[What you need to do]:
Please reproduce the records below exactly, omitting any pictures they contain.

[Dataset excerpts]:
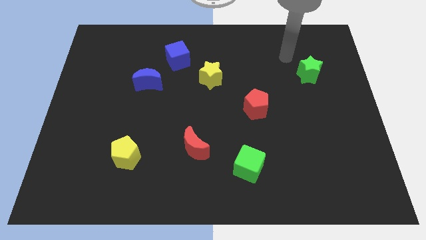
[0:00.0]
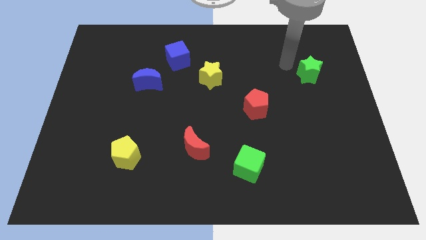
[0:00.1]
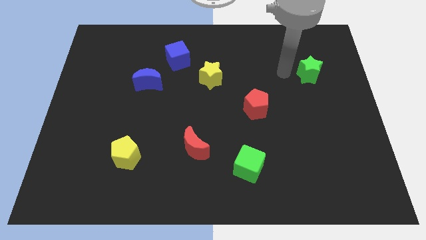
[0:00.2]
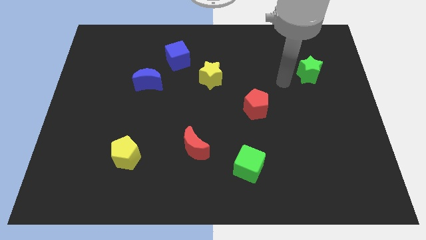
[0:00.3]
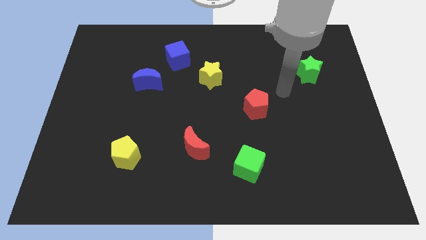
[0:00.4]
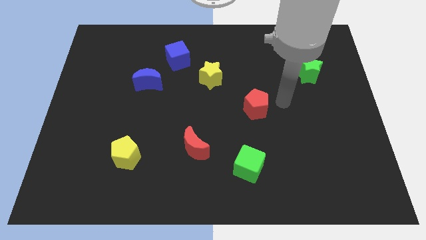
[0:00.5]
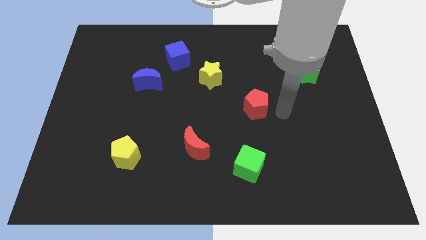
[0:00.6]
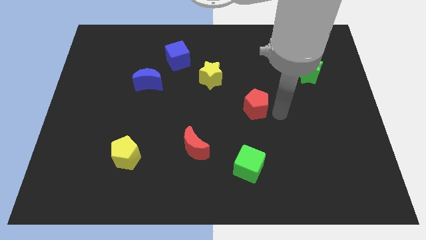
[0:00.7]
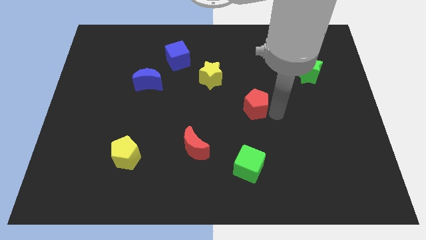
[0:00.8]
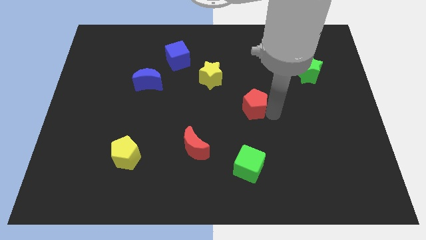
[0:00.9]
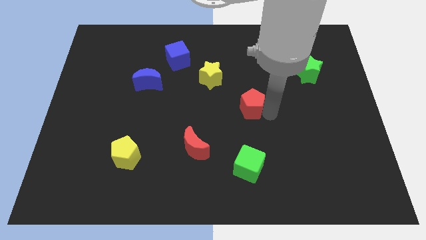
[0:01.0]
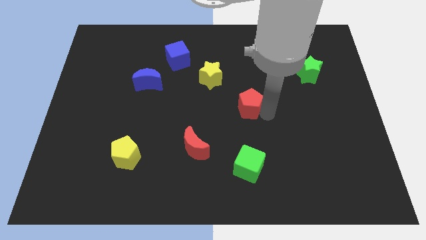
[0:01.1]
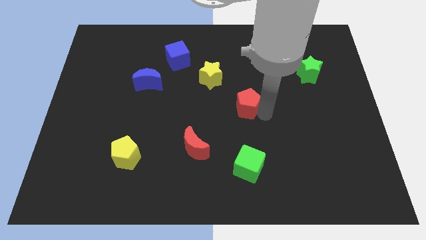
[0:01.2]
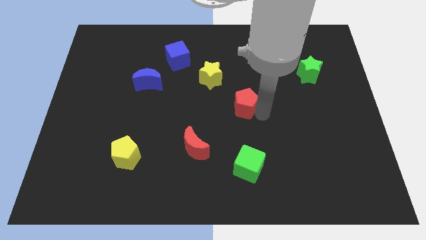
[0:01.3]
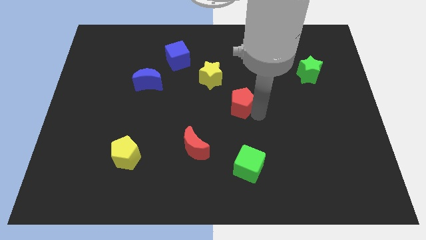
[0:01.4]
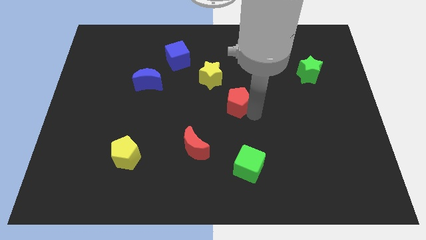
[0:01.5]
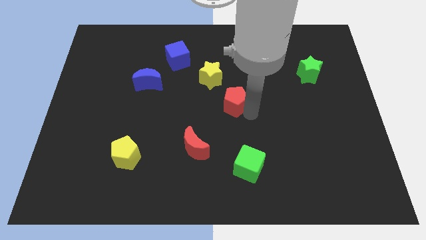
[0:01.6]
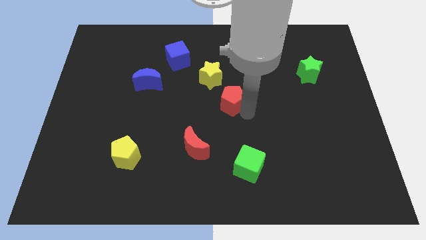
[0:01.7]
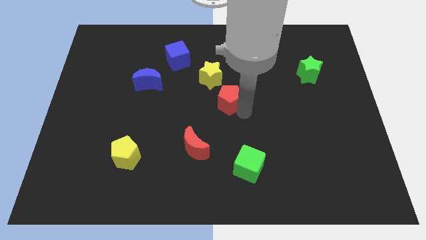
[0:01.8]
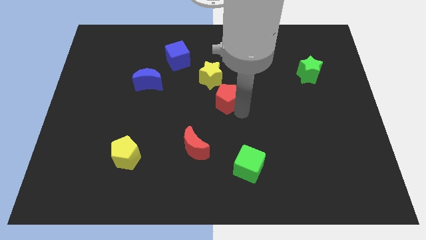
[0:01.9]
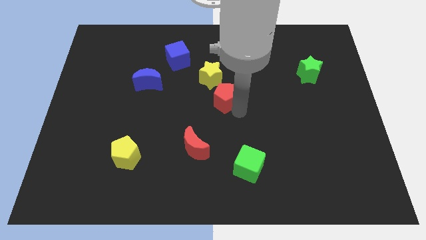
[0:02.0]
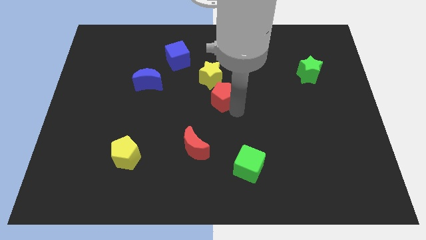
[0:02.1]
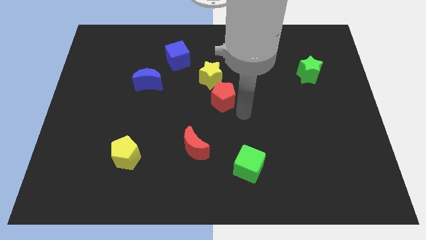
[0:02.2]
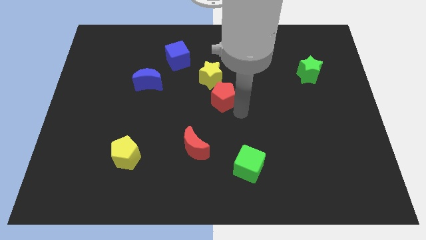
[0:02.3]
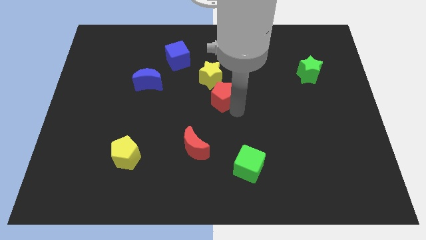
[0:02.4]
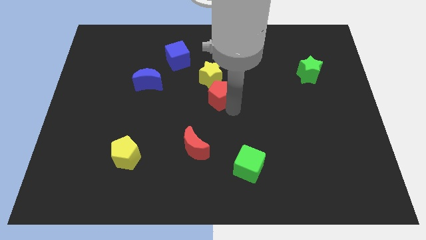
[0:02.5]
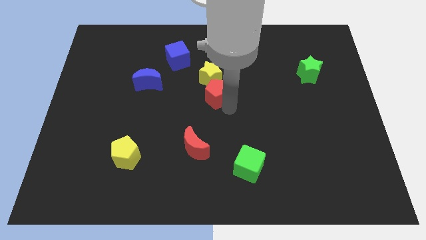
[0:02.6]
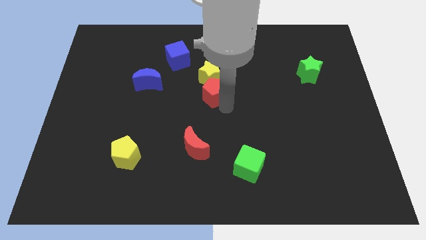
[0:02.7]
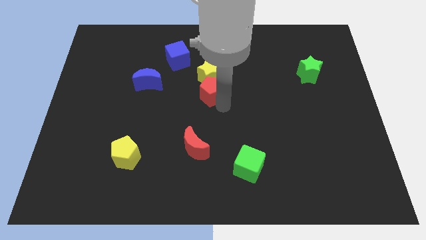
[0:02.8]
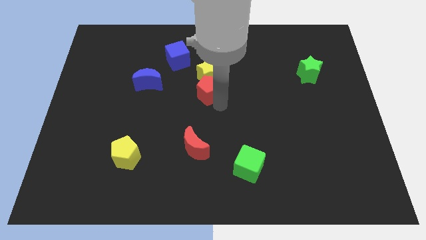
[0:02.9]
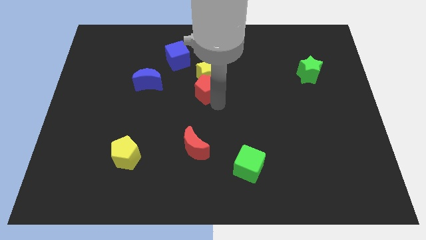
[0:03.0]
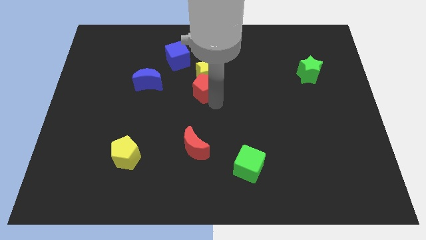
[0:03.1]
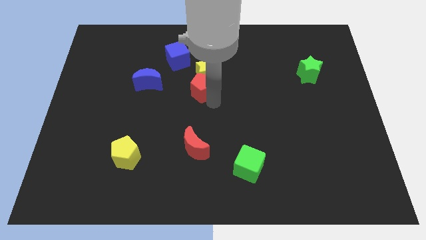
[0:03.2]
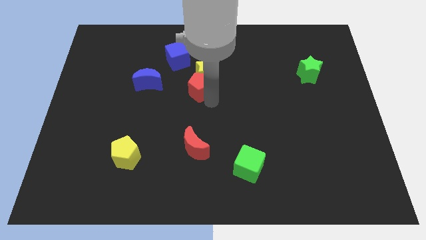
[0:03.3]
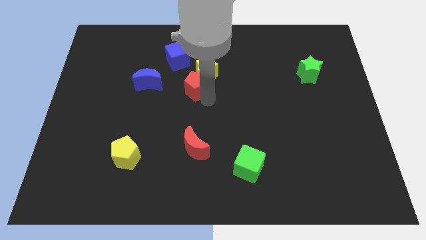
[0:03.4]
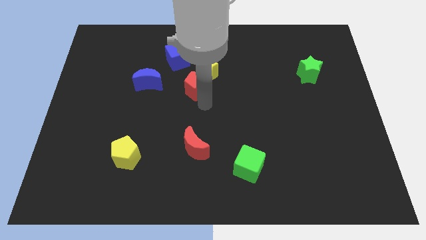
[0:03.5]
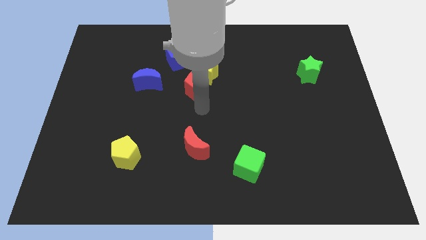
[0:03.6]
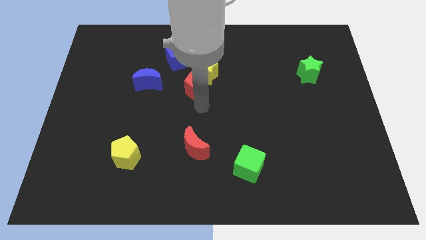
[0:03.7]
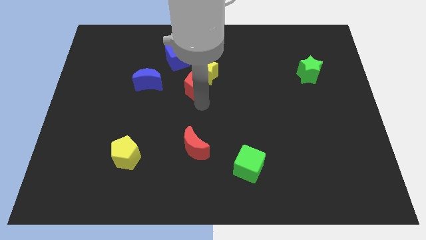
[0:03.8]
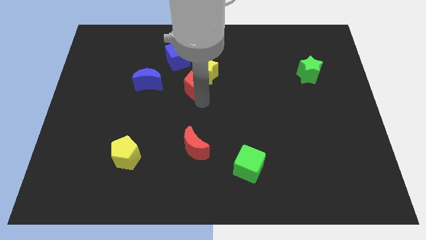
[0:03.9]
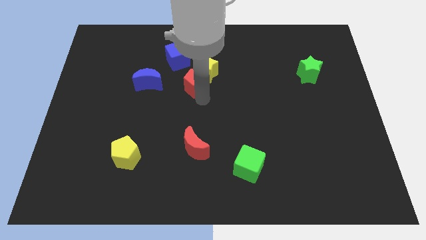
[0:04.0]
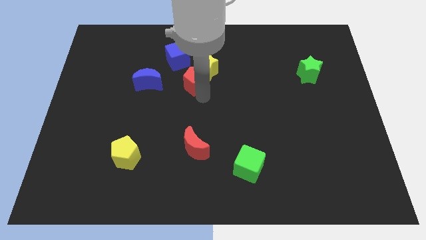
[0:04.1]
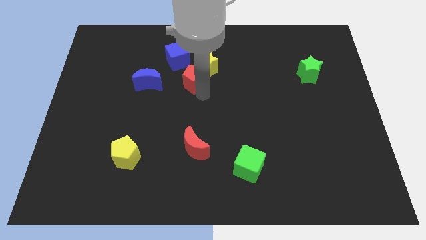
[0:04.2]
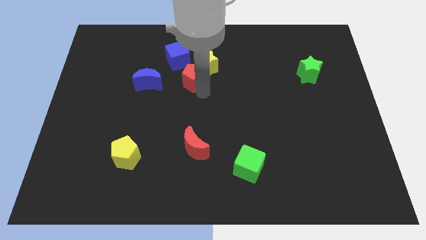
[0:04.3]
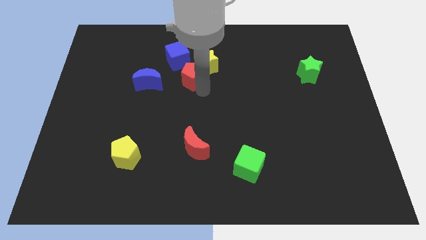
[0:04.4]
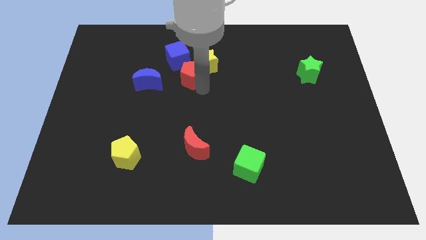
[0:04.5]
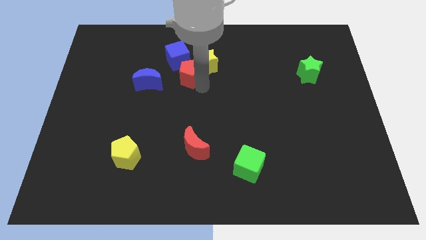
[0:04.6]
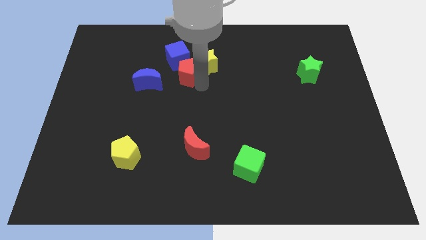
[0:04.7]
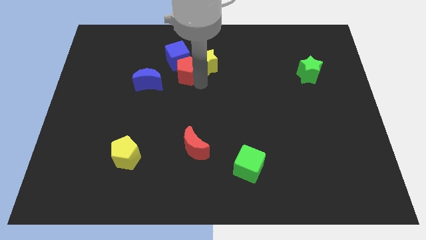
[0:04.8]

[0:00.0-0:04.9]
push the red pentagon close to the blue cube

[Output of the exercise]:
[0:00.0]
[0:00.1]
[0:00.2]
[0:00.3]
[0:00.4]
[0:00.5]
[0:00.6]
[0:00.7]
[0:00.8]
[0:00.9]
[0:01.0]
[0:01.1]
[0:01.2]
[0:01.3]
[0:01.4]
[0:01.5]
[0:01.6]
[0:01.7]
[0:01.8]
[0:01.9]
[0:02.0]
[0:02.1]
[0:02.2]
[0:02.3]
[0:02.4]
[0:02.5]
[0:02.6]
[0:02.7]
[0:02.8]
[0:02.9]
[0:03.0]
[0:03.1]
[0:03.2]
[0:03.3]
[0:03.4]
[0:03.5]
[0:03.6]
[0:03.7]
[0:03.8]
[0:03.9]
[0:04.0]
[0:04.1]
[0:04.2]
[0:04.3]
[0:04.4]
[0:04.5]
[0:04.6]
[0:04.7]
[0:04.8]

[0:00.0-0:04.9]
push the red pentagon close to the blue cube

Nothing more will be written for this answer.